Action item
Your copy should match the entries exactly, with the pictures left out.

Entries shown
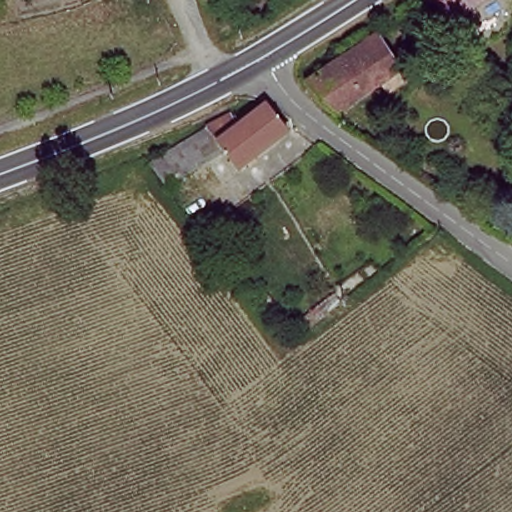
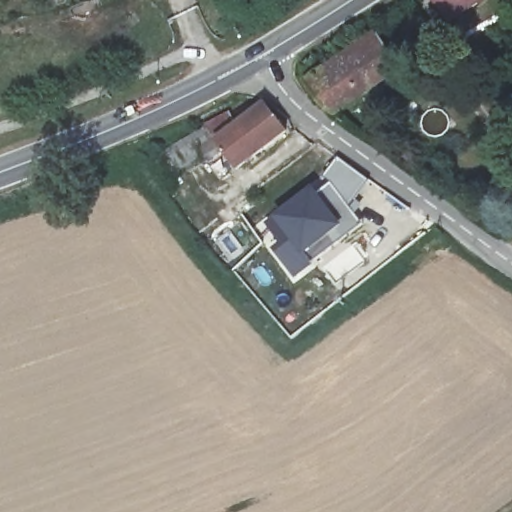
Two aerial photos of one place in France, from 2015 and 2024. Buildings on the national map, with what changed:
unchanged [(430,0),(487,0),(448,26),(430,0)]
unchanged [(404,77),(343,117),(320,107),(310,86),(380,40),(404,77)]
unchanged [(221,130),(242,120),(250,131),(283,111),(286,114),(301,137),(249,172),(237,155),(221,130)]
unchanged [(182,191),(171,165),(221,130),(237,155),(182,191)]
new [(339,157),(369,180),(350,206),(327,182),(323,178),(339,157)]
new [(267,245),(280,234),(267,215),(311,181),(318,190),(327,182),(350,206),(362,223),(313,264),(292,280),(267,245)]

Expected answer
Two aerial photos of one place in France, from 2015 and 2024. Buildings on the national map, with what changed:
unchanged [(430,0),(487,0),(448,26),(430,0)]
unchanged [(404,77),(343,117),(320,107),(310,86),(380,40),(404,77)]
unchanged [(221,130),(242,120),(250,131),(283,111),(286,114),(301,137),(249,172),(237,155),(221,130)]
unchanged [(182,191),(171,165),(221,130),(237,155),(182,191)]
new [(339,157),(369,180),(350,206),(327,182),(323,178),(339,157)]
new [(267,245),(280,234),(267,215),(311,181),(318,190),(327,182),(350,206),(362,223),(313,264),(292,280),(267,245)]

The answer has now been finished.